SAD 28, Five Town CSD budget meetings: support innovation in education
The proposed School Administrative District 28 and Five Town CSD 2013-14 budgets will be presented on Tuesday, May 28, at meetings to be held in Strom Auditorium, at the Camden Hills Regional High School in Rockport. These meetings are the final opportunity for public discussion of these budgets.
The SAD 28 and CSD boards of directors, schools administrators and staff have worked hard under difficult circumstances to arrive at the budgets being presented. Were it not for additional burdens placed upon SAD 28 by the State ($300,000+), that budget would place no additional burden on Camden and Rockport taxpayers (proposed operating budget change: +0.41 percent).
The outcome at the CSD is not, unfortunately, as favorable as that at SAD 28. The proposed CSD budget is up by 2.15 percent ... a commendable achievement, but obviously not as favorable as the outcome in the SAD. The tax revenue required to fund this CSD budget increases by 2.81 percent or $262,997 of which the impact of state funding changes is only a net decrease in state funds of $21,241. Thus the bulk of the increase in taxes required results from CSD cost increases.
Returning now to the proposed SAD 28 budget: For some time, Citizens for Value In Education (VIE) has advocated that the schools need to find new ways of more effectively delivering 21st-Century education such that our students receive the best possible education at the lowest possible cost.
At SAD 28, the proposed 2013-14 budget includes just such innovation. Specifically, the changes to the configuration of the health curriculum in this proposed budget will save $60,000 and, it is believed, deliver a better product. Survey data from a recent State Health Youth Survey and one by Five Towns Communities That Care suggest that the present curriculum is not as effective as it might be. In addition, there is unnecessary overlap among parts of that curriculum. It is believed that the reconfigured curriculum will have less overlap, be more integrated, and deliver a better product more efficiently at lower cost. To VIE that sounds like a "win-win" situation.
Change in any environment, not the least of them being schools, is never easy. There are those who apparently think that this change in the SAD 28 health curriculum is not a good idea. Those folks have suggested that the present curriculum delivery model should be retained and the $60,000 saving not be realized. In other words, they would prefer to add another $60,000 to taxpayers' burden despite the ability of the school to more efficiently deliver this content. That would increase the new funds required to fund the SAD 28 2013-14 budget by 20 percent.
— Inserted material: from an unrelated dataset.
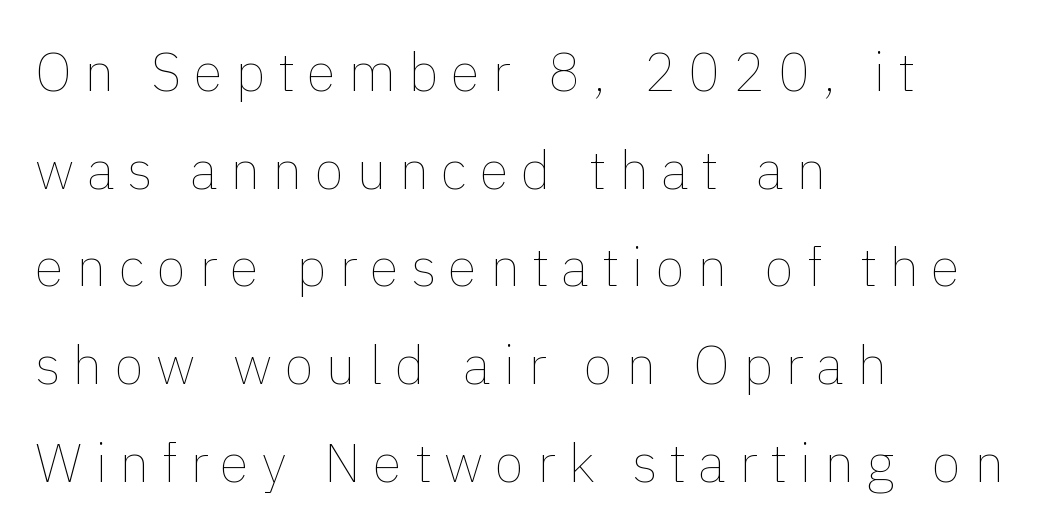
Is the block centered? No — it sits flush against the left margin. A typesetter would call this proportional, since set widths differ per character. Letter spacing: wide. Clear beneath every line of the passage. In terms of posture, this sample is upright.

It needs to be pointed out that even if $60,000 were to be added to the 2013-14 SAD 28 budget, the positions eliminated as a consequence of the altered health curriculum would not be restored for 2013-14. The reason: school budgets and contractual decisions follow separate tracks. At a recent SAD 28 school board meeting the board voted to eliminate the health position in question for the coming fiscal year. So, were the SAD 28 budget to be increased by $60,000 the funds would not go to restoring the present health curriculum configuration.
This budget meeting would be a perfect time to provide visible support for innovation in the delivery of education and for the efforts of all those involved in crafting this SAD 28 budget.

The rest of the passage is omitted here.